Silvio, almeno sul fronte azionario, si è portato avanti da tempo. E ha diviso in parti uguali il capitale di Fininvest (7,6 per cento) tra i cinque figli, senza distinzioni tra primo e secondo letto. Tenendosi in tasca lui la maggioranza. Il vero nodo è quello dei ruoli manageriali. Marina e Piersilvio a trent'anni (anche prima) erano già saldamente al vertice di Fininvest, Mondadori e Mediaset.

Anche se affiancati - come tradizione del gruppo - dai fedelissimi di papà. A scalpitare ora è Barbara, la primogenita di Veronica Lario che da tempo si è distinta ad Arcore per il suo anti-conformismo: ha contestato la decisione (artefici i due fratelli maggiori) di non cedere le tv a Rupert Murdoch, si è candidata alla poltrona della Mondadori occupata da Marina, ha punzecchiato persino papà nella sua versione "papi" ricordando - ogni riferimento al Bunga Bunga è puramente casuale - «che il confine pubblico/privato non esiste nella vita di un politico». Barbara oggi ha 29 anni. E nell'organigramma del Biscione, malgrado le sue ambizioni, si è ritagliata solo un ruolo poco più che estetico nel Milan.

Qualche mese fa si è stufata. E, come tradizione, non l'ha mandato a dire. Si è riavvicinata al padre sul fronte politico, andando persino nell'arena di Ballarò (con ottimi risultati) per difenderlo. Ma l'ha messo in croce su quello societario. Rottamando Adriano Galliani, uno dei massimi esponenti del cerchio magico del Cavaliere, e facendo capire urbi et orbi che di star stretta anche nella stanza dei bottoni dei rossoneri. Le acque, insomma, sono già agitate.

E a trasformare il meteo in burrasca potrebbe essere proprio la sfida per il dopo-Silvio alla guida del centrodestra. I falchi di Forza Italia stanno da tempo tirando per la giacchetta Marina, offrendolo la guida del partito in caso di elezioni.

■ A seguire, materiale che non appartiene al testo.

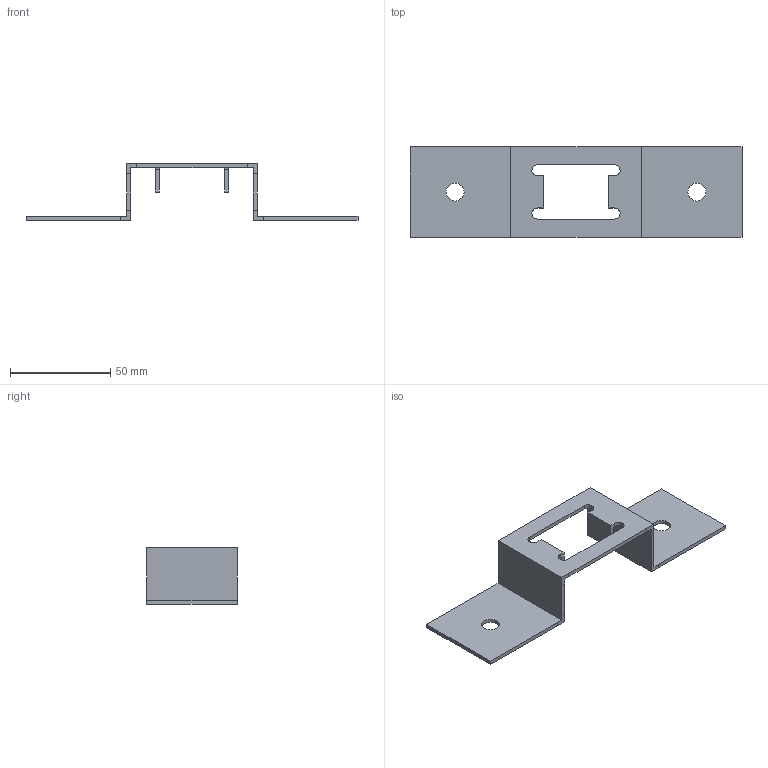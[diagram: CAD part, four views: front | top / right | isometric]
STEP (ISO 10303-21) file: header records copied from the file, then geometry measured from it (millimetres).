
FILE_DESCRIPTION(/* description */ (''),/* implementation_level */ '2;1');
FILE_NAME(/* name */ '',/* time_stamp */ '2023-05-17T11:59:32+03:00',/* author */ ('Man88'),/* organization */ (''),/* preprocessor_version */ 'ST-DEVELOPER v19.2',/* originating_system */ 'Autodesk Inventor 2023',/* authorisation */ '');
FILE_SCHEMA (('AUTOMOTIVE_DESIGN { 1 0 10303 214 3 1 1 }'));
Length unit declared in the file: millimetre
Products named in the file (1): Скоба K1157 N
Bounding box: 165.63 x 45 x 28 mm (x, y, z)
Volume: 18104.4 mm3; surface area: 19673.5 mm2
Topology: 1 solids, 1 shells, 56 faces, 166 edges, 112 vertices
Faces by surface type: plane 46, cylinder 6, bspline 4
Full cylindrical faces by diameter (mm): 9 x2
Entity records: 2941 total; most frequent: CARTESIAN_POINT 1395, ORIENTED_EDGE 332, DIRECTION 276, EDGE_CURVE 166, LINE 146, VECTOR 146, VERTEX_POINT 112, AXIS2_PLACEMENT_3D 65

Lei ha sempre formalmente respinto al mittente le avances («il mio posto è in azienda») ma nella sostanza ha mosso più di un passo in direzione Roma. Come in occasione del voto del Senato sulla decadenza, quando è uscita con un comunicato di condanna - «una leonessa», ha detto il papà - che sapeva più di manifesto politico che di sfogo filiale. Il trasloco di Marina a Palazzo Grazioli spalancherebbe le porte per l'Opa di Barbara su Fininvest.

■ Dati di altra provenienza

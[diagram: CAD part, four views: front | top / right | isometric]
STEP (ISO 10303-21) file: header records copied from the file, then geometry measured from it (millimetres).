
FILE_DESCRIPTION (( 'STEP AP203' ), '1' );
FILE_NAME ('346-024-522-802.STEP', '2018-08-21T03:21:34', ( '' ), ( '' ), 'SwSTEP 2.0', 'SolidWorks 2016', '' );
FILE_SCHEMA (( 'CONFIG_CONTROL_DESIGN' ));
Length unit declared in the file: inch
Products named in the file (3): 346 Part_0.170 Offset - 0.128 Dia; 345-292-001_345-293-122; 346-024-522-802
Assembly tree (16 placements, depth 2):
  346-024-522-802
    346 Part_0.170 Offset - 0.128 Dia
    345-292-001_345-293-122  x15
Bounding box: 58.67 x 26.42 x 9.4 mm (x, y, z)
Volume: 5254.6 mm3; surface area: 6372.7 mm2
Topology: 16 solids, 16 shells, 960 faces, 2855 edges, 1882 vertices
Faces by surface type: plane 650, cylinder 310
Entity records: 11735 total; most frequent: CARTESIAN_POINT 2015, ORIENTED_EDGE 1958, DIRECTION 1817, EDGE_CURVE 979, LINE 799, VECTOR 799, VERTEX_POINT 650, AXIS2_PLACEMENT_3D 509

Sistemando in linea teorica tutti i tasselli e riportando la pace ad Arcore (Eleonora, sua sorella minore, non pare orientata a lavorare nelle aziende di famiglia mentre Luigi si sta facendo le ossa in finanza con Doris). Ma il tam-tam di Villa San Martino batte anche un'altra voce mai confermata: quella di un possibile interesse di Barbara per la politica. Lei, laureata in filosofia con 110 e lode con una tesi su Amartya Sen, al tema è interessata. Ha stuzzicato il Cavaliere negli anni scorsi sostenendo di appreZZare Renzi.

E ora, per una sorta di nemesi storica, potrebbe essere la sua rivale alle prossime elezioni. Fantapolitica? Può darsi. Ma il Cavaliere ha abituato tutti alle sorprese.